__Task statement__: In the records below, begin at the line that has "#13929 = DIRECTION" and stop after the line that has "#19743 = DIRECTION"; quote those lines verbatim and nothing more.
* * *
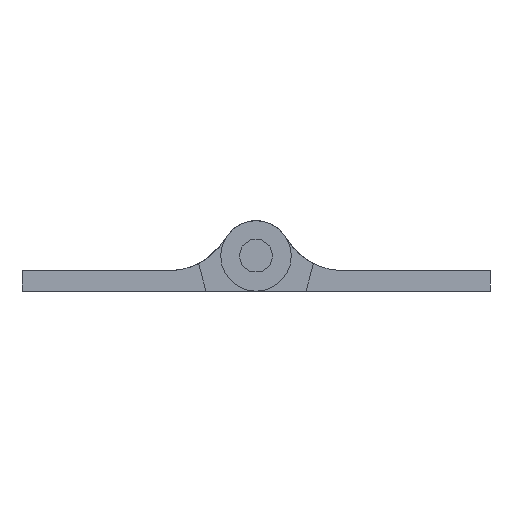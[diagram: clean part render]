
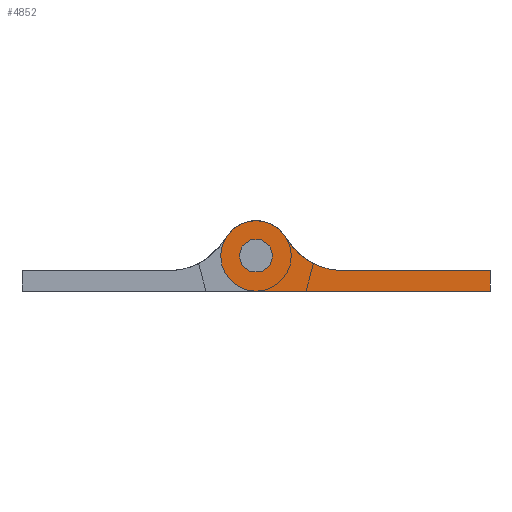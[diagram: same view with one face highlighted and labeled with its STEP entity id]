
A CAD part, front view. The second image highlights one B-rep face of the part: STEP entity #4852.
In plain terms, the highlighted face is planar.
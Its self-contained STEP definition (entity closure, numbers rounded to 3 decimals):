
#149 = VECTOR ( 'NONE', #25759, 1000. ) ;
#381 = DIRECTION ( 'NONE',  ( 1., 0., 0. ) ) ;
#629 = DIRECTION ( 'NONE',  ( 1., 0., 0. ) ) ;
#1055 = ORIENTED_EDGE ( 'NONE', *, *, #5245, .F. ) ;
#2635 = VECTOR ( 'NONE', #12338, 1000. ) ;
#3058 = CARTESIAN_POINT ( 'NONE',  ( 0., 0., 914.4 ) ) ;
#4249 = VERTEX_POINT ( 'NONE', #6098 ) ;
#4852 = ADVANCED_FACE ( 'NONE', ( #29672, #28778 ), #9248, .T. ) ;
#5245 = EDGE_CURVE ( 'NONE', #19637, #17260, #16927, .T. ) ;
#6098 = CARTESIAN_POINT ( 'NONE',  ( 15.9, -2.4, 914.4 ) ) ;
#6293 = CARTESIAN_POINT ( 'NONE',  ( 0., 0., 914.4 ) ) ;
#6818 = AXIS2_PLACEMENT_3D ( 'NONE', #30657, #33350, #13929 ) ;
#6905 = EDGE_CURVE ( 'NONE', #31591, #10552, #21200, .T. ) ;
#7184 = LINE ( 'NONE', #11633, #149 ) ;
#9248 = PLANE ( 'NONE',  #27874 ) ;
#10272 = VERTEX_POINT ( 'NONE', #32379 ) ;
#10552 = VERTEX_POINT ( 'NONE', #25089 ) ;
#11206 = DIRECTION ( 'NONE',  ( 1., 0., 0. ) ) ;
#11633 = CARTESIAN_POINT ( 'NONE',  ( 15.9, -1., 914.4 ) ) ;
#11711 = EDGE_CURVE ( 'NONE', #10272, #31591, #7184, .T. ) ;
#12338 = DIRECTION ( 'NONE',  ( 0., 1., 0. ) ) ;
#13658 = DIRECTION ( 'NONE',  ( 1., 0., 0. ) ) ;
#13929 = DIRECTION ( 'NONE',  ( 1., 0., 0. ) ) ;
#14351 = EDGE_CURVE ( 'NONE', #10552, #19263, #26571, .T. ) ;
#15333 = VECTOR ( 'NONE', #13658, 1000. ) ;
#15958 = CIRCLE ( 'NONE', #28500, 1.15 ) ;
#16222 = LINE ( 'NONE', #18311, #15333 ) ;
#16427 = ORIENTED_EDGE ( 'NONE', *, *, #25016, .T. ) ;
#16927 = CIRCLE ( 'NONE', #33523, 1.15 ) ;
#17260 = VERTEX_POINT ( 'NONE', #19248 ) ;
#17755 = CARTESIAN_POINT ( 'NONE',  ( 1.15, 0., 914.4 ) ) ;
#18311 = CARTESIAN_POINT ( 'NONE',  ( 0., -2.4, 914.4 ) ) ;
#19248 = CARTESIAN_POINT ( 'NONE',  ( -1.15, 0., 914.4 ) ) ;
#19263 = VERTEX_POINT ( 'NONE', #33280 ) ;
#19275 = CIRCLE ( 'NONE', #27956, 2.4 ) ;
#19637 = VERTEX_POINT ( 'NONE', #17755 ) ;
#19743 = DIRECTION ( 'NONE',  ( 0., 0., -1. ) ) ;
#20655 = CARTESIAN_POINT ( 'NONE',  ( 5.889, -1., 914.4 ) ) ;
#21200 = CIRCLE ( 'NONE', #34296, 4.4 ) ;
#21772 = ORIENTED_EDGE ( 'NONE', *, *, #35449, .T. ) ;
#21897 = EDGE_CURVE ( 'NONE', #17260, #19637, #15958, .T. ) ;
#22479 = ORIENTED_EDGE ( 'NONE', *, *, #21897, .F. ) ;
#22817 = CARTESIAN_POINT ( 'NONE',  ( 5.889, 3.4, 914.4 ) ) ;
#23241 = EDGE_CURVE ( 'NONE', #4249, #10272, #33868, .T. ) ;
#25016 = EDGE_CURVE ( 'NONE', #35570, #4249, #16222, .T. ) ;
#25089 = CARTESIAN_POINT ( 'NONE',  ( 2.078, 1.2, 914.4 ) ) ;
#25136 = DIRECTION ( 'NONE',  ( 1., 0., 0. ) ) ;
#25257 = CARTESIAN_POINT ( 'NONE',  ( 0., 0., 914.4 ) ) ;
#25273 = DIRECTION ( 'NONE',  ( 1., 0., 0. ) ) ;
#25759 = DIRECTION ( 'NONE',  ( -1., 0., 0. ) ) ;
#25989 = DIRECTION ( 'NONE',  ( 0., 0., 1. ) ) ;
#26571 = CIRCLE ( 'NONE', #6818, 2.4 ) ;
#27694 = ORIENTED_EDGE ( 'NONE', *, *, #23241, .T. ) ;
#27725 = DIRECTION ( 'NONE',  ( 0., 0., 1. ) ) ;
#27874 = AXIS2_PLACEMENT_3D ( 'NONE', #28935, #34089, #381 ) ;
#27956 = AXIS2_PLACEMENT_3D ( 'NONE', #25257, #27725, #25136 ) ;
#28500 = AXIS2_PLACEMENT_3D ( 'NONE', #6293, #25989, #629 ) ;
#28570 = CARTESIAN_POINT ( 'NONE',  ( 0., -2.4, 914.4 ) ) ;
#28778 = FACE_BOUND ( 'NONE', #31438, .T. ) ;
#28935 = CARTESIAN_POINT ( 'NONE',  ( 5.889, 3.4, 914.4 ) ) ;
#29672 = FACE_OUTER_BOUND ( 'NONE', #31291, .T. ) ;
#30657 = CARTESIAN_POINT ( 'NONE',  ( 0., 0., 914.4 ) ) ;
#30872 = DIRECTION ( 'NONE',  ( 0., 0., 1. ) ) ;
#31291 = EDGE_LOOP ( 'NONE', ( #35621, #35696, #21772, #16427, #27694, #34211 ) ) ;
#31438 = EDGE_LOOP ( 'NONE', ( #22479, #1055 ) ) ;
#31591 = VERTEX_POINT ( 'NONE', #20655 ) ;
#32379 = CARTESIAN_POINT ( 'NONE',  ( 15.9, -1., 914.4 ) ) ;
#33280 = CARTESIAN_POINT ( 'NONE',  ( -2.4, 0., 914.4 ) ) ;
#33350 = DIRECTION ( 'NONE',  ( 0., 0., 1. ) ) ;
#33523 = AXIS2_PLACEMENT_3D ( 'NONE', #3058, #30872, #11206 ) ;
#33868 = LINE ( 'NONE', #35042, #2635 ) ;
#34089 = DIRECTION ( 'NONE',  ( 0., 0., 1. ) ) ;
#34211 = ORIENTED_EDGE ( 'NONE', *, *, #11711, .T. ) ;
#34296 = AXIS2_PLACEMENT_3D ( 'NONE', #22817, #19743, #25273 ) ;
#35042 = CARTESIAN_POINT ( 'NONE',  ( 15.9, -2.4, 914.4 ) ) ;
#35449 = EDGE_CURVE ( 'NONE', #19263, #35570, #19275, .T. ) ;
#35570 = VERTEX_POINT ( 'NONE', #28570 ) ;
#35621 = ORIENTED_EDGE ( 'NONE', *, *, #6905, .T. ) ;
#35696 = ORIENTED_EDGE ( 'NONE', *, *, #14351, .T. ) ;
* * *
__Final answer__:
#13929 = DIRECTION ( 'NONE',  ( 1., 0., 0. ) ) ;
#14351 = EDGE_CURVE ( 'NONE', #10552, #19263, #26571, .T. ) ;
#15333 = VECTOR ( 'NONE', #13658, 1000. ) ;
#15958 = CIRCLE ( 'NONE', #28500, 1.15 ) ;
#16222 = LINE ( 'NONE', #18311, #15333 ) ;
#16427 = ORIENTED_EDGE ( 'NONE', *, *, #25016, .T. ) ;
#16927 = CIRCLE ( 'NONE', #33523, 1.15 ) ;
#17260 = VERTEX_POINT ( 'NONE', #19248 ) ;
#17755 = CARTESIAN_POINT ( 'NONE',  ( 1.15, 0., 914.4 ) ) ;
#18311 = CARTESIAN_POINT ( 'NONE',  ( 0., -2.4, 914.4 ) ) ;
#19248 = CARTESIAN_POINT ( 'NONE',  ( -1.15, 0., 914.4 ) ) ;
#19263 = VERTEX_POINT ( 'NONE', #33280 ) ;
#19275 = CIRCLE ( 'NONE', #27956, 2.4 ) ;
#19637 = VERTEX_POINT ( 'NONE', #17755 ) ;
#19743 = DIRECTION ( 'NONE',  ( 0., 0., -1. ) ) ;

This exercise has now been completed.